The Inheritance Tax Escape Route

10 Nov 24
14 MIN READ TIME

Your complete guide to protecting new wealth and securing your financial future for 2025/26

How individuals who have recently come into significant wealth can preserve it, plan responsibly, and create lasting financial security for themselves and their families.

Coming into new wealth can be life-changing. Whether through inheritance, a business sale, a settlement, or another unexpected event, it can bring opportunity as well as pressure to make the right decisions. With inheritance tax (IHT) thresholds frozen until at least 2030 and major pension changes ahead, this is an important time to plan with care and protect what you have gained.

You do not need to rush. There are structured, proven strategies to help you preserve your assets, minimise unnecessary tax, and plan for the long term.

Read this 1-min snapshot first

If your total estate could exceed £500,000 as an individual, or £1 million as a couple, you may be affected by inheritance tax (IHT). For anyone who has recently received a windfall or inherited assets, it is important to understand how your estate value has changed and how to protect it.

Here is the fast path to getting organised:

  • Write or review your Will, Letters of Wishes, and Lasting Powers of Attorney.
  • Map your new estate: what you own, where it is held, and how it is titled.
  • Use gifting allowances where appropriate, including the £3,000 annual exemption and gifts from surplus income.
  • Plan around the £2 million threshold to preserve valuable allowances.
  • Review pension nominations and understand how the 2027 rule changes may affect you.
  • Consider life assurance written in trust to cover future IHT.
  • Keep detailed records of gifts, valuations, and ownership.

The levels and bases of taxation and reliefs from taxation can change at any time.
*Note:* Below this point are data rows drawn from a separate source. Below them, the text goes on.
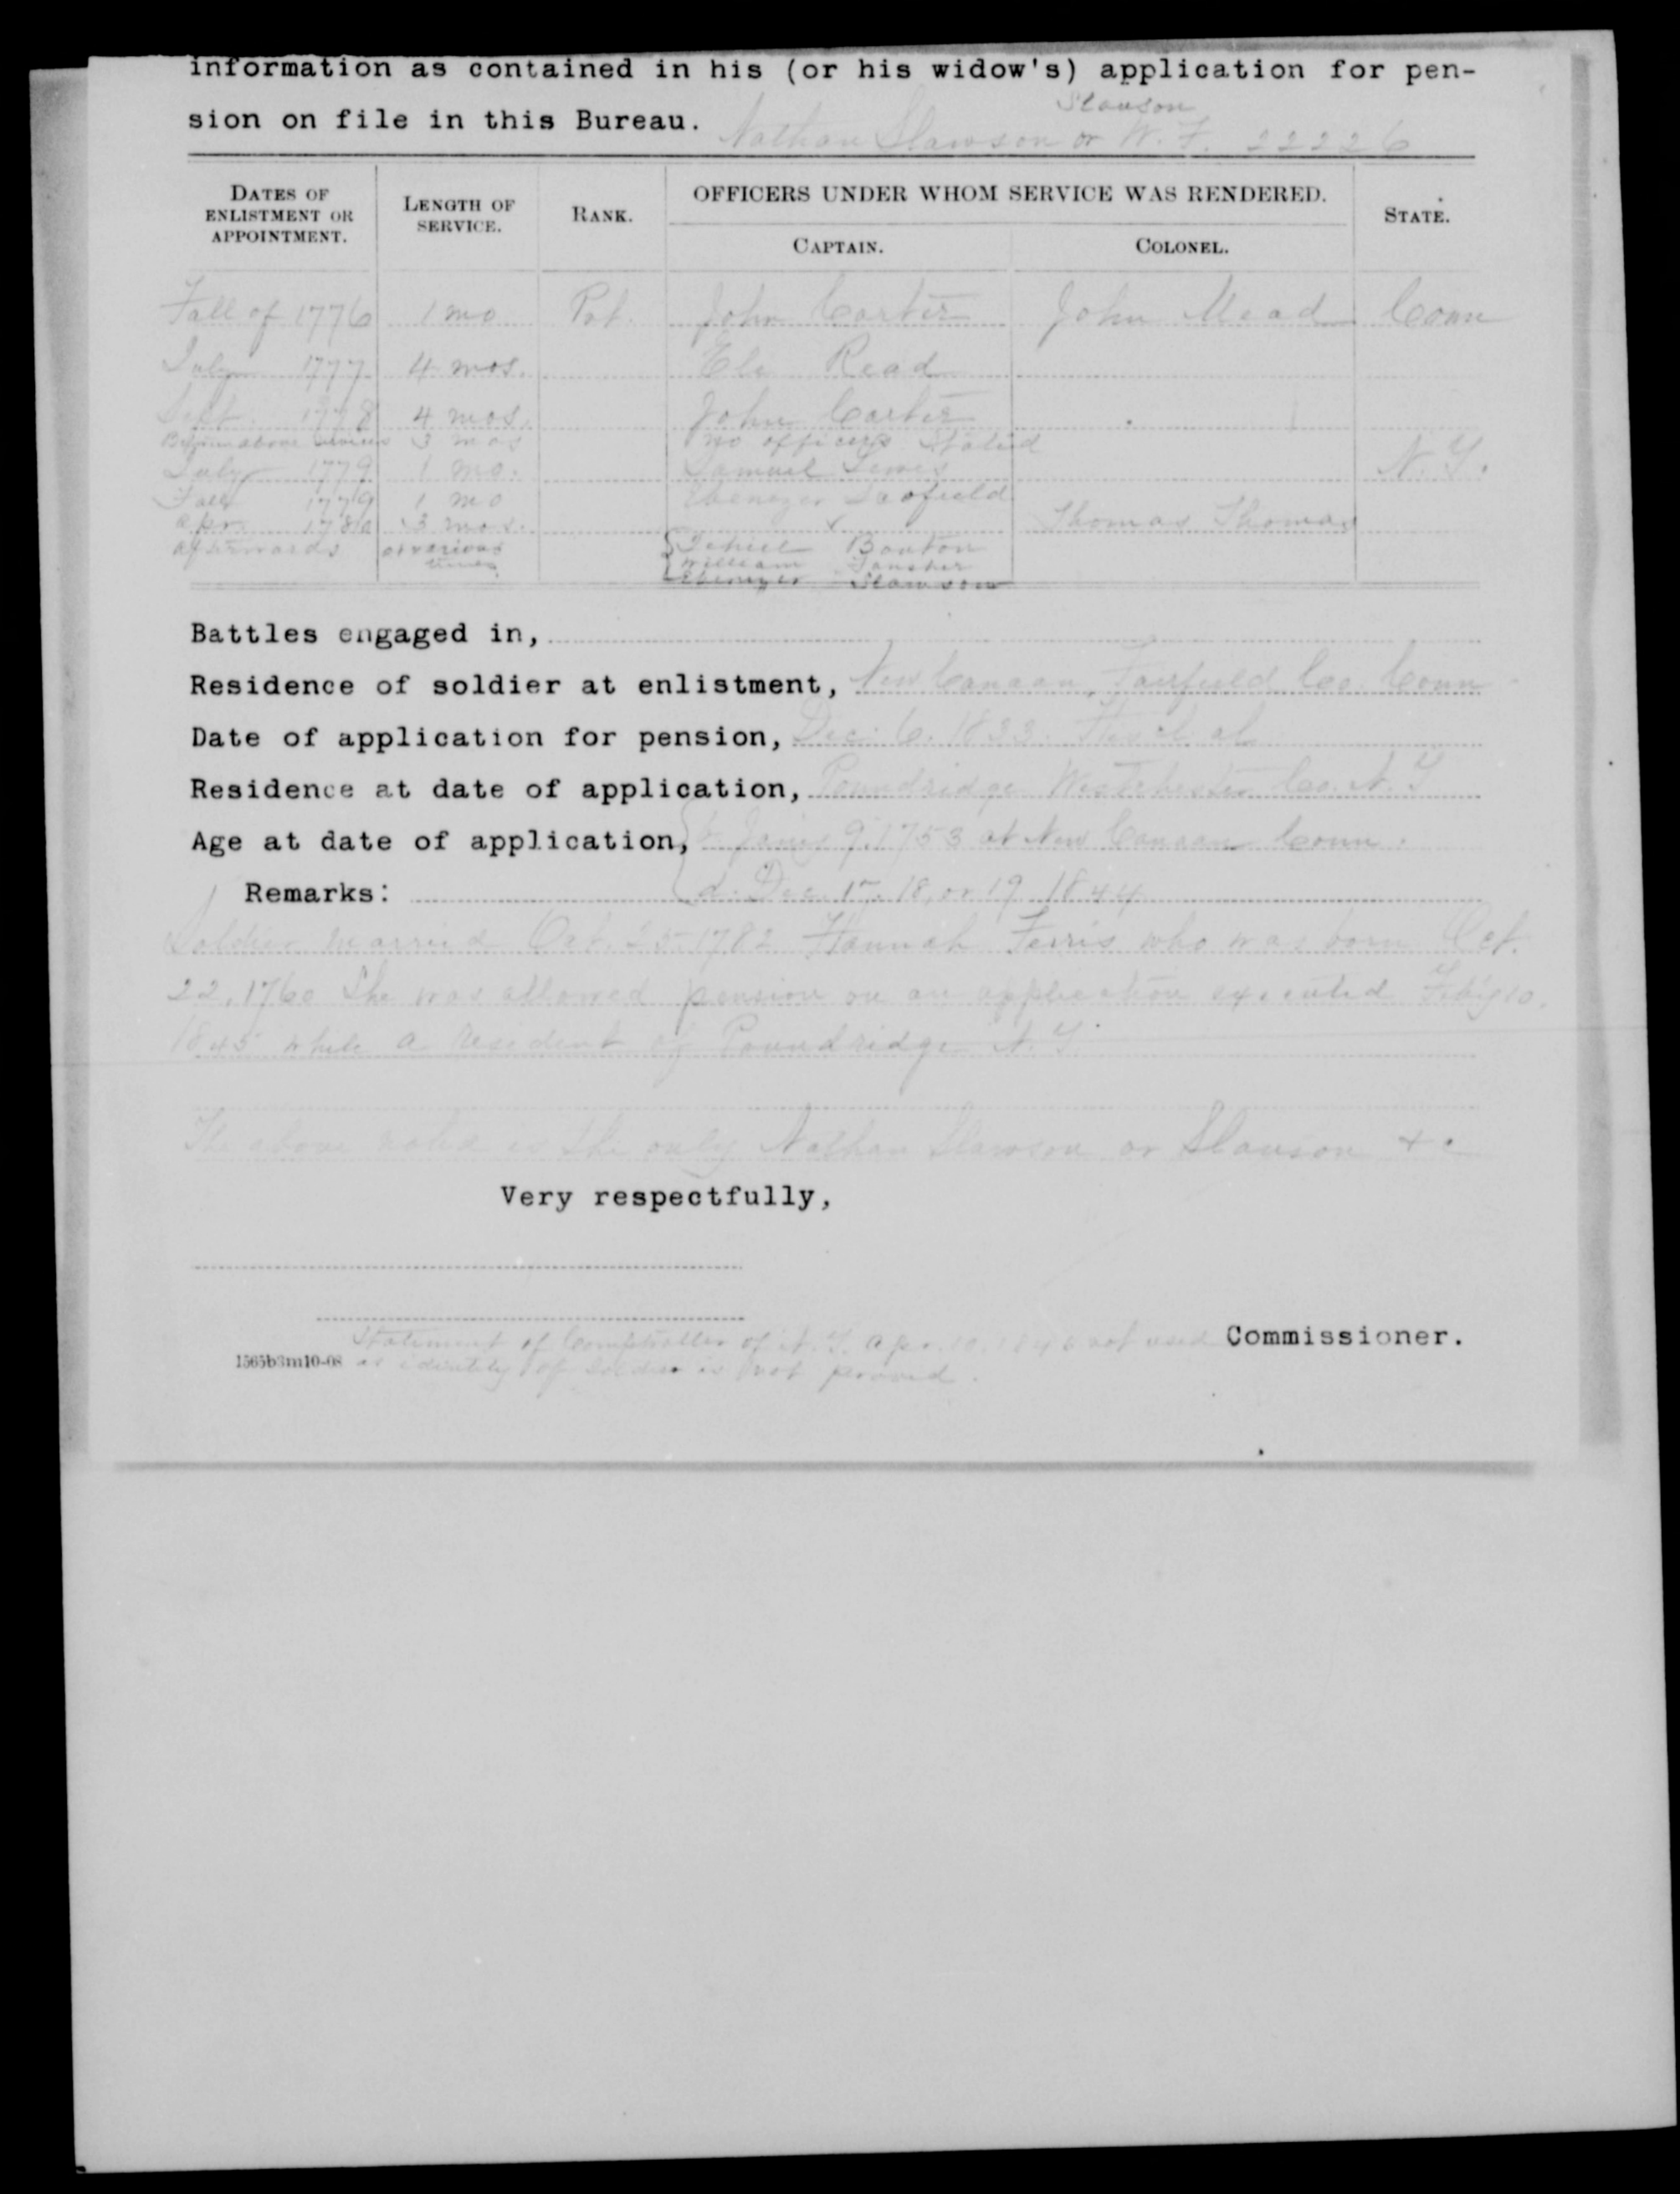information as contained in his (or his widow's) application for pension on file in this Bureau.  
Slawson  Nathan Slawson or W. F. 22226 
DATES OF ENLISTMENT OR APPOINTMENT.  Fall of 1776   LENGTH OF SERVICE.  1 mo.    RANK.  Pvt.  OFFICERS UNDER WHOM SERVICE WAS RENDERED. Captain John Carter  Colonel John Mead   STATE  Conn
DATES OF ENLISTMENT OR APPOINTMENT.  July 1777   LENGTH OF SERVICE.  4 mos.   RANK.   OFFICERS UNDER WHOM SERVICE WAS RENDERED.  Captain Eli Read
DATES OF ENLISTMENT OR APPOINTMENT.  Sept 1778   LENGTH OF SERVICE.   4 mos.   OFFICERS UNDER WHOM SERVICE WAS RENDERED.  Captain John Carter 
Between above services 3 mos.  no officers stated
DATES OF ENLISTMENT OR APPOINTMENT.   July 1779     LENGTH OF SERVICE.  1 Mo.  OFFICERS UNDER WHOM SERVICE WAS RENDERED.  Captain Samuel Lewis
STATE  N. Y.  DATES OF ENLISTMENT OR APPOINTMENT.    Fall 1779   LENGTH OF SERVICE.  1 Mo  OFFICERS UNDER WHOM SERVICE WAS RENDERED.  Captain Ebenezer Scofield  
DATES OF ENLISTMENT OR APPOINTMENT.  Apr. 1780   LENGTH OF SERVICE.  3 mos.     
OFFICERS UNDER WHOM SERVICE WAS RENDERED.  Colonel Thomas Thomas
Afterwards at various times – Captain Jehiel Boston  Captain William Fansher  Captain Ebenezer Slawson
Battles engaged in, 
Residence of soldier at enlistment, New Canaan, Fairfield Co. Conn
Date of application for pension, Dec 6 1833, his cl. was al [his claim was allowed]
Residence at date of application, Poundridge Westchester Co. N.Y.
Age at date of application, b. [born] Jany 9 1753 at New Canaan Conn. d. Dec 17, 18 or 19, 1844
Remarks:  Soldier married Oct 25, 1782 Hannah Ferris who was born Oct 22 1760.  She was allowed pension on an application executed Feby 10, 1845 while a resident of Poundridge N. Y.
The above noted is the only Nathan Slawson or Slanson &c
Very respectfully
Commissioner
Statement of Comptroller of N. Y. Apr 10 1846 not used as identity of soldier not proved

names: Nathan Slawson; Thomas Thomas; [BLANK] Slawson; Nathan Slawson; Nathan Slawson; John Carter; Ebenezer Scofield; Eli Read; John Mead; Ebenezer Slawson; William Hansder; Hannah Ferris; Samuel Lewis; Jehiel Bouton; John Carter
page: 45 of 87
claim: widow's
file: W. 22,226, for Nathan Slawson, Connecticut

Tax relief is dependent on individual circumstances.

Wills as well as Trusts are not regulated by the Financial Conduct Authority.

Please note that advice in this area will necessitate referral to a service that is separate and distinct to those offered by Apollo Private Wealth or St. James’s Place.
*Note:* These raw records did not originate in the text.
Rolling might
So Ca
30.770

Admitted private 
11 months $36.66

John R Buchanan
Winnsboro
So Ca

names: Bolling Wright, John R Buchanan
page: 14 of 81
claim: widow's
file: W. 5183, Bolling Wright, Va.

What’s changed and what’s coming

1. Residence-based taxation:

From 6 April 2025, inheritance tax will depend on residence rather than domicile. If you have inherited overseas assets or hold property abroad, your tax exposure may change.

2. Business and Property Relief changes:

From 6 April 2026, Business Relief (BR) will be reformed. This is especially relevant if your new wealth includes company shares, private equity, or business interests.

3. Pensions and inheritance:

From 6 April 2027, most unspent pensions will be included in your estate for IHT purposes. This creates new planning considerations for anyone who has received large pension assets or death benefits.

The levels and bases of taxation and reliefs from taxation can change at any time. Tax relief is dependent on individual circumstances.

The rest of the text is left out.